If the heat is permanently switched off, flies of both test groups keep their orientation preference towards the previously 'cold' pattern orientation for at least several minutes (Fig. 18). In the operant groups there was no significant difference at t1 (the first two periods, p=0.911), but the test group showed a significantly higher preference than the control group (p<0.001) at t2 (the last two periods).
A
B
Fig. 18: Mean preference indices for all four
groups of flies (N=100 each). Drosophila learns to avoid one of
the pattern orientations, if it was reinforced during the training periods
(dotted bars). The control group, which did not receive any reinforcement
only showed random avoidance (hatched bars). A - preference
indices of the standard groups, B - preference indices of the classical
groups.
Even if a repeated measures MANOVA revealed a significant difference
(p<0.03) in preference at t1 (the first two periods) for
the classical groups, the same analysis for all four groups (p=0.104) indicates
that the sample flies were indeed drawn from the same population. Furthermore,
the difference in avoidance was of the opposite sign than that at t2
(the last two periods, p<0.027).
Comparing the t2 preference indices of the operant with the
classical test group, the 'classical' index is significantly lower than
the operant one (p<0.015; p>0.22 for the control groups). However,
when the mean preference index at t1 is subtracted from the
indices at t2 (to compensate for the initial individual pattern
preference, see conclusion) the effect drops below significance (p=0.091).
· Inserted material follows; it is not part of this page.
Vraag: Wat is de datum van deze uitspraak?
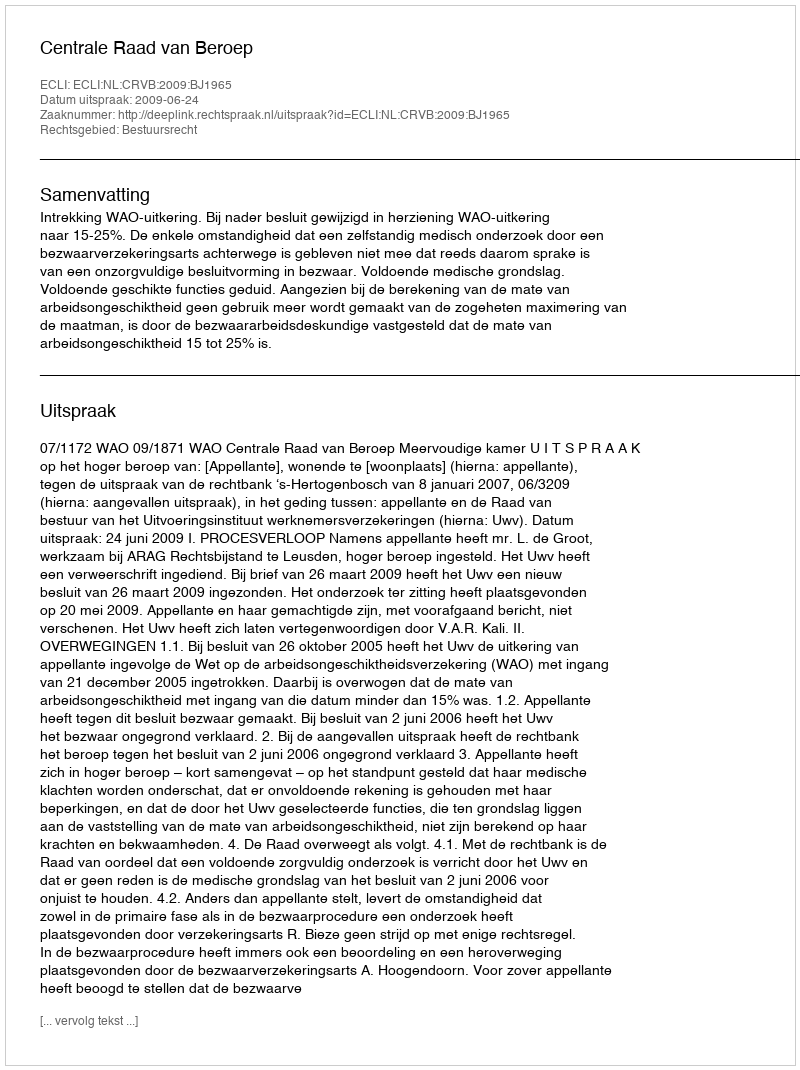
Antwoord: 2009-06-24

In contrast to Dill et al. (1995), a comparison of the mean dwelling times
(periods of staying in one quadrant) for the 'hot' and the 'cold' sectors
with the respective spontaneous behavior reveals that the operantly trained
flies modulate the average time they spend both in the 'hot' and in the
'cold' sectors, even during the last two periods (p<0.001 in both cases
of the operant groups, Fig. 19A). This can also be seen in the mean spike
amplitude in the different sectors and for spike timing, respectively (data
not shown). Dill et al. (1995) had found that "the dwelling times
in heat associated quadrants during test" were not significantly different
from the control group by comparing averaged individual medians (not means
as in this study) for each group. Since the frequency distributions of
'hot' and 'cold' dwelling times are very similar (Reinhard Wolf, pers.
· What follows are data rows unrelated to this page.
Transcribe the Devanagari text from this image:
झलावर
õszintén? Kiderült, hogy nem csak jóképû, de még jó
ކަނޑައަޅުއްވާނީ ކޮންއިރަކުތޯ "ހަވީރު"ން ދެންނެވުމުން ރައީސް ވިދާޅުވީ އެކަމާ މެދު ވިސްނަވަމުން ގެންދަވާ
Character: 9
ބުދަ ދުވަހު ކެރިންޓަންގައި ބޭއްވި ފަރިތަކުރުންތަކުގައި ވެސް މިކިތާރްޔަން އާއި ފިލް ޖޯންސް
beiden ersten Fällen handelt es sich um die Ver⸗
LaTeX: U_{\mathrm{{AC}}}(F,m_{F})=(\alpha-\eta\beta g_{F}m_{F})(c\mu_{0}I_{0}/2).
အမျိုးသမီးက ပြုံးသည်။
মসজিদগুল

comm.), the contradiction is considered not to be a statistical artifact.
Rather the omission of dwelling times shorter than 1s in Dill et al. (1995)
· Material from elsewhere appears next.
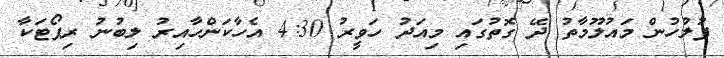
ފުލުހުން މައުލޫމާތު ދޭ ގޮތުގައި މިއަދު ހަވީރު 4:30 އެހާކަންހާއިރު ލިބުނު ރިޕޯޓަކާ
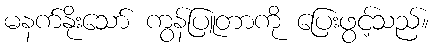
မနက်နိုးသော် ကွန်ပြူတာကို ပြေးဖွင့်သည်။

might have had an influence on the significance of the 'hot' effect: they
might pull the mean 'hot' dwelling times significantly below control levels
in this study. However, since comparing in a similar manner several of
the variables discussed in detail below (3.5.2), produced lasting effects
in the 'hot' sectors as well (data not shown), including the short dwelling
times was probably the right choice.
A
B
Fig. 19: Comparison of mean dwelling times for
'hot' and 'cold' sectors (N=100 flies in each group). Individual mean dwelling
times were averaged for each group (wide, dotted bars: test
group, narrow, hatched bars: control group). Negative sign
indicates dwelling times in the reinforcer-associated quadrants. A - Standard
groups, B - Classical groups.
Classically trained flies (Fig. 19B) also change the time they spent in one quadrant in response to the training, however to a lesser degree. Comparing the classical test and control group at t2 (periods 8 and 9), the differences fail to rise above the significance level. Only comparing the 'hot' dwelling times at all three test periods yields a significant difference (p<0.04). Surprisingly, the 'cold' dwelling times, which subjectively seem to reveal a larger difference can still not be distinguished statistically using a repeated measures MANOVA over all three test periods (p=0.10).